=== EXTRACTED DATA ===

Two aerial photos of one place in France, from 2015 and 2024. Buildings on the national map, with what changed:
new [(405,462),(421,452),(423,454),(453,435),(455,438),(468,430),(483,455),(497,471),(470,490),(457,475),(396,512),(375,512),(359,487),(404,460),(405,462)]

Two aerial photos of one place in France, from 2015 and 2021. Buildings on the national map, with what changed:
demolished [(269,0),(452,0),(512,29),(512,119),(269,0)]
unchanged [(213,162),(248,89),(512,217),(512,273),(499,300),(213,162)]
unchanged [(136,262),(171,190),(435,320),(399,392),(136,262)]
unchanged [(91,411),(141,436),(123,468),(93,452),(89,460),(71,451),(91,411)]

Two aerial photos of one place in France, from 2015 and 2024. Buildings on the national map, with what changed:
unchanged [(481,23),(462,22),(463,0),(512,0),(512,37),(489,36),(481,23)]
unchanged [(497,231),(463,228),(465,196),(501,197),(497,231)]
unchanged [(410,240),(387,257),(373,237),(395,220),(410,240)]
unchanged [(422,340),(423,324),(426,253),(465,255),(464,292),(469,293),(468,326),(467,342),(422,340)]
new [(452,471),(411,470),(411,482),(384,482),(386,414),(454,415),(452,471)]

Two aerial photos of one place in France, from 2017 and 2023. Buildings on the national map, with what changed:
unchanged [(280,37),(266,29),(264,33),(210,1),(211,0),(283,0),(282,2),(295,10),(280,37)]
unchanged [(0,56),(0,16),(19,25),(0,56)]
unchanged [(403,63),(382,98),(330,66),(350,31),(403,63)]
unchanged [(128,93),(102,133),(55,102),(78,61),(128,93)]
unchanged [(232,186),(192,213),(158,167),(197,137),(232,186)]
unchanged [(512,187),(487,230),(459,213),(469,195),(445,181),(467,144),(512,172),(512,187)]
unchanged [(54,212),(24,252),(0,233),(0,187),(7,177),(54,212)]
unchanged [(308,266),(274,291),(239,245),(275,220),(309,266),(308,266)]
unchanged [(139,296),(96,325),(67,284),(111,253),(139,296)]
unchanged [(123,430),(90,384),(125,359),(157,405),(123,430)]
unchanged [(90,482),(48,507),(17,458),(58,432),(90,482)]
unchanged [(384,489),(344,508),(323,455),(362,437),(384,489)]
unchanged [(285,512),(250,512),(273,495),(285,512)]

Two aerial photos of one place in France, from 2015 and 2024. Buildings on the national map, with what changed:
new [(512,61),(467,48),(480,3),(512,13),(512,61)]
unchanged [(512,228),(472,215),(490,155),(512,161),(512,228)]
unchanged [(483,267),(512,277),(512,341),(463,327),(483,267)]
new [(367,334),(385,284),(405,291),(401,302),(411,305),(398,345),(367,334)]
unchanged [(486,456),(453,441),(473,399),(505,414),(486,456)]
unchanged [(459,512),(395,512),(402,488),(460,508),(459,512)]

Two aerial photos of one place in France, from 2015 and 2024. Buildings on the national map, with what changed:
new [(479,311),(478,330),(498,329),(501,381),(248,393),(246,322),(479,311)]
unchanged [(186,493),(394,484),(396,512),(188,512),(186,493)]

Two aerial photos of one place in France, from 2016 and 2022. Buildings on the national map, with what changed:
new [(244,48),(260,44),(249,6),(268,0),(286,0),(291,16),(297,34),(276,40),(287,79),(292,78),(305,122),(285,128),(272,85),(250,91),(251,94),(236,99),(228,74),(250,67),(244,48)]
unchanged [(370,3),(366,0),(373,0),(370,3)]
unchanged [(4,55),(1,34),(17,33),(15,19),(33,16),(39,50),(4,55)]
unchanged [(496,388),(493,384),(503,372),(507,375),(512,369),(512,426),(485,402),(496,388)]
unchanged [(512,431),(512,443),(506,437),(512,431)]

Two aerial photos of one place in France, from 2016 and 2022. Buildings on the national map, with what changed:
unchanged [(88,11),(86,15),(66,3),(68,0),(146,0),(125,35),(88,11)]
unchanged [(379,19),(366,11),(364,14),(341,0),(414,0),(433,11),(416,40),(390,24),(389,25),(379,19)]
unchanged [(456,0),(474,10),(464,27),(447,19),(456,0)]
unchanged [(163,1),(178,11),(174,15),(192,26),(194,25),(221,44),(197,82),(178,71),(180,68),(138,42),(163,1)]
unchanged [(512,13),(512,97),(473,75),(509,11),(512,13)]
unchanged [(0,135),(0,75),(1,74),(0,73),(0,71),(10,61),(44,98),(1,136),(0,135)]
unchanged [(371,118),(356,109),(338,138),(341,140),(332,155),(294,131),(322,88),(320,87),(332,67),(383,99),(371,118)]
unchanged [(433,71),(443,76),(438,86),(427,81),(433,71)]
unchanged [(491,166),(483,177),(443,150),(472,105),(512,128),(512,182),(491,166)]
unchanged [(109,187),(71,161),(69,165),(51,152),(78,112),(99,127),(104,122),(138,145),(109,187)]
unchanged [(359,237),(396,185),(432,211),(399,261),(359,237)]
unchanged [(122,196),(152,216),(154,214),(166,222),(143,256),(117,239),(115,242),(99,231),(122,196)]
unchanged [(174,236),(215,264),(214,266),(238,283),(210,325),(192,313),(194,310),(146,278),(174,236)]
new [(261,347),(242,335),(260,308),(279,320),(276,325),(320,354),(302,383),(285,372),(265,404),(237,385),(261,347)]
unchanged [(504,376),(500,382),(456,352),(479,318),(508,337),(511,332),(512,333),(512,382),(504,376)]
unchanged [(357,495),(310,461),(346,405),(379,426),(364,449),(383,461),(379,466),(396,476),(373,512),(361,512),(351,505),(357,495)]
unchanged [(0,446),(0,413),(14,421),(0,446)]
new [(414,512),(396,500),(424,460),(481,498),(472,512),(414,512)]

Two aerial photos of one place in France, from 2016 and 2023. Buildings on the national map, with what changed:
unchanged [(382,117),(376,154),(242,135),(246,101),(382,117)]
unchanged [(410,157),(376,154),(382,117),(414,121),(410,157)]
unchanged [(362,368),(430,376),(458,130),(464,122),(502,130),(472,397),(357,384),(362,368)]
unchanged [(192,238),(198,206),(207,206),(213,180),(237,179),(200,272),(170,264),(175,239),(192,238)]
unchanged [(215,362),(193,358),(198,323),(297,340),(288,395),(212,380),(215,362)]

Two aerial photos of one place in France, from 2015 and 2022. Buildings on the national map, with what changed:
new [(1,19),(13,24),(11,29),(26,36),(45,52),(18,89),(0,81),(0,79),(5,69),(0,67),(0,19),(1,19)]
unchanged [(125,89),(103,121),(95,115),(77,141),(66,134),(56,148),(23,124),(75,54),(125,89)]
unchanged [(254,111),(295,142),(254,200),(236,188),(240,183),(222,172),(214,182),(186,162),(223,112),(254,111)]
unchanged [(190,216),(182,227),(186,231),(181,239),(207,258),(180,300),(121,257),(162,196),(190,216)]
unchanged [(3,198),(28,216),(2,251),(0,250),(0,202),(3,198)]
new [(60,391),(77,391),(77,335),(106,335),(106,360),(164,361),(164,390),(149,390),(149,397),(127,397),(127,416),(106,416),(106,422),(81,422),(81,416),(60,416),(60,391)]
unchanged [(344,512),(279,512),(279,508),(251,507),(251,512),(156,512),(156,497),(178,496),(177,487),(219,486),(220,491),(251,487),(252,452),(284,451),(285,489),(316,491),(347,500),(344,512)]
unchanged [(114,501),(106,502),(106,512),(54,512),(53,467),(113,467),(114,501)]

===

- _TASK DESCRIPTION_:
The data must be duplicated exactly, with nothing left out.

- _EXPECTED OUTPUT_:
Two aerial photos of one place in France, from 2015 and 2024. Buildings on the national map, with what changed:
new [(405,462),(421,452),(423,454),(453,435),(455,438),(468,430),(483,455),(497,471),(470,490),(457,475),(396,512),(375,512),(359,487),(404,460),(405,462)]

Two aerial photos of one place in France, from 2015 and 2021. Buildings on the national map, with what changed:
demolished [(269,0),(452,0),(512,29),(512,119),(269,0)]
unchanged [(213,162),(248,89),(512,217),(512,273),(499,300),(213,162)]
unchanged [(136,262),(171,190),(435,320),(399,392),(136,262)]
unchanged [(91,411),(141,436),(123,468),(93,452),(89,460),(71,451),(91,411)]

Two aerial photos of one place in France, from 2015 and 2024. Buildings on the national map, with what changed:
unchanged [(481,23),(462,22),(463,0),(512,0),(512,37),(489,36),(481,23)]
unchanged [(497,231),(463,228),(465,196),(501,197),(497,231)]
unchanged [(410,240),(387,257),(373,237),(395,220),(410,240)]
unchanged [(422,340),(423,324),(426,253),(465,255),(464,292),(469,293),(468,326),(467,342),(422,340)]
new [(452,471),(411,470),(411,482),(384,482),(386,414),(454,415),(452,471)]

Two aerial photos of one place in France, from 2017 and 2023. Buildings on the national map, with what changed:
unchanged [(280,37),(266,29),(264,33),(210,1),(211,0),(283,0),(282,2),(295,10),(280,37)]
unchanged [(0,56),(0,16),(19,25),(0,56)]
unchanged [(403,63),(382,98),(330,66),(350,31),(403,63)]
unchanged [(128,93),(102,133),(55,102),(78,61),(128,93)]
unchanged [(232,186),(192,213),(158,167),(197,137),(232,186)]
unchanged [(512,187),(487,230),(459,213),(469,195),(445,181),(467,144),(512,172),(512,187)]
unchanged [(54,212),(24,252),(0,233),(0,187),(7,177),(54,212)]
unchanged [(308,266),(274,291),(239,245),(275,220),(309,266),(308,266)]
unchanged [(139,296),(96,325),(67,284),(111,253),(139,296)]
unchanged [(123,430),(90,384),(125,359),(157,405),(123,430)]
unchanged [(90,482),(48,507),(17,458),(58,432),(90,482)]
unchanged [(384,489),(344,508),(323,455),(362,437),(384,489)]
unchanged [(285,512),(250,512),(273,495),(285,512)]

Two aerial photos of one place in France, from 2015 and 2024. Buildings on the national map, with what changed:
new [(512,61),(467,48),(480,3),(512,13),(512,61)]
unchanged [(512,228),(472,215),(490,155),(512,161),(512,228)]
unchanged [(483,267),(512,277),(512,341),(463,327),(483,267)]
new [(367,334),(385,284),(405,291),(401,302),(411,305),(398,345),(367,334)]
unchanged [(486,456),(453,441),(473,399),(505,414),(486,456)]
unchanged [(459,512),(395,512),(402,488),(460,508),(459,512)]

Two aerial photos of one place in France, from 2015 and 2024. Buildings on the national map, with what changed:
new [(479,311),(478,330),(498,329),(501,381),(248,393),(246,322),(479,311)]
unchanged [(186,493),(394,484),(396,512),(188,512),(186,493)]

Two aerial photos of one place in France, from 2016 and 2022. Buildings on the national map, with what changed:
new [(244,48),(260,44),(249,6),(268,0),(286,0),(291,16),(297,34),(276,40),(287,79),(292,78),(305,122),(285,128),(272,85),(250,91),(251,94),(236,99),(228,74),(250,67),(244,48)]
unchanged [(370,3),(366,0),(373,0),(370,3)]
unchanged [(4,55),(1,34),(17,33),(15,19),(33,16),(39,50),(4,55)]
unchanged [(496,388),(493,384),(503,372),(507,375),(512,369),(512,426),(485,402),(496,388)]
unchanged [(512,431),(512,443),(506,437),(512,431)]

Two aerial photos of one place in France, from 2016 and 2022. Buildings on the national map, with what changed:
unchanged [(88,11),(86,15),(66,3),(68,0),(146,0),(125,35),(88,11)]
unchanged [(379,19),(366,11),(364,14),(341,0),(414,0),(433,11),(416,40),(390,24),(389,25),(379,19)]
unchanged [(456,0),(474,10),(464,27),(447,19),(456,0)]
unchanged [(163,1),(178,11),(174,15),(192,26),(194,25),(221,44),(197,82),(178,71),(180,68),(138,42),(163,1)]
unchanged [(512,13),(512,97),(473,75),(509,11),(512,13)]
unchanged [(0,135),(0,75),(1,74),(0,73),(0,71),(10,61),(44,98),(1,136),(0,135)]
unchanged [(371,118),(356,109),(338,138),(341,140),(332,155),(294,131),(322,88),(320,87),(332,67),(383,99),(371,118)]
unchanged [(433,71),(443,76),(438,86),(427,81),(433,71)]
unchanged [(491,166),(483,177),(443,150),(472,105),(512,128),(512,182),(491,166)]
unchanged [(109,187),(71,161),(69,165),(51,152),(78,112),(99,127),(104,122),(138,145),(109,187)]
unchanged [(359,237),(396,185),(432,211),(399,261),(359,237)]
unchanged [(122,196),(152,216),(154,214),(166,222),(143,256),(117,239),(115,242),(99,231),(122,196)]
unchanged [(174,236),(215,264),(214,266),(238,283),(210,325),(192,313),(194,310),(146,278),(174,236)]
new [(261,347),(242,335),(260,308),(279,320),(276,325),(320,354),(302,383),(285,372),(265,404),(237,385),(261,347)]
unchanged [(504,376),(500,382),(456,352),(479,318),(508,337),(511,332),(512,333),(512,382),(504,376)]
unchanged [(357,495),(310,461),(346,405),(379,426),(364,449),(383,461),(379,466),(396,476),(373,512),(361,512),(351,505),(357,495)]
unchanged [(0,446),(0,413),(14,421),(0,446)]
new [(414,512),(396,500),(424,460),(481,498),(472,512),(414,512)]

Two aerial photos of one place in France, from 2016 and 2023. Buildings on the national map, with what changed:
unchanged [(382,117),(376,154),(242,135),(246,101),(382,117)]
unchanged [(410,157),(376,154),(382,117),(414,121),(410,157)]
unchanged [(362,368),(430,376),(458,130),(464,122),(502,130),(472,397),(357,384),(362,368)]
unchanged [(192,238),(198,206),(207,206),(213,180),(237,179),(200,272),(170,264),(175,239),(192,238)]
unchanged [(215,362),(193,358),(198,323),(297,340),(288,395),(212,380),(215,362)]

Two aerial photos of one place in France, from 2015 and 2022. Buildings on the national map, with what changed:
new [(1,19),(13,24),(11,29),(26,36),(45,52),(18,89),(0,81),(0,79),(5,69),(0,67),(0,19),(1,19)]
unchanged [(125,89),(103,121),(95,115),(77,141),(66,134),(56,148),(23,124),(75,54),(125,89)]
unchanged [(254,111),(295,142),(254,200),(236,188),(240,183),(222,172),(214,182),(186,162),(223,112),(254,111)]
unchanged [(190,216),(182,227),(186,231),(181,239),(207,258),(180,300),(121,257),(162,196),(190,216)]
unchanged [(3,198),(28,216),(2,251),(0,250),(0,202),(3,198)]
new [(60,391),(77,391),(77,335),(106,335),(106,360),(164,361),(164,390),(149,390),(149,397),(127,397),(127,416),(106,416),(106,422),(81,422),(81,416),(60,416),(60,391)]
unchanged [(344,512),(279,512),(279,508),(251,507),(251,512),(156,512),(156,497),(178,496),(177,487),(219,486),(220,491),(251,487),(252,452),(284,451),(285,489),(316,491),(347,500),(344,512)]
unchanged [(114,501),(106,502),(106,512),(54,512),(53,467),(113,467),(114,501)]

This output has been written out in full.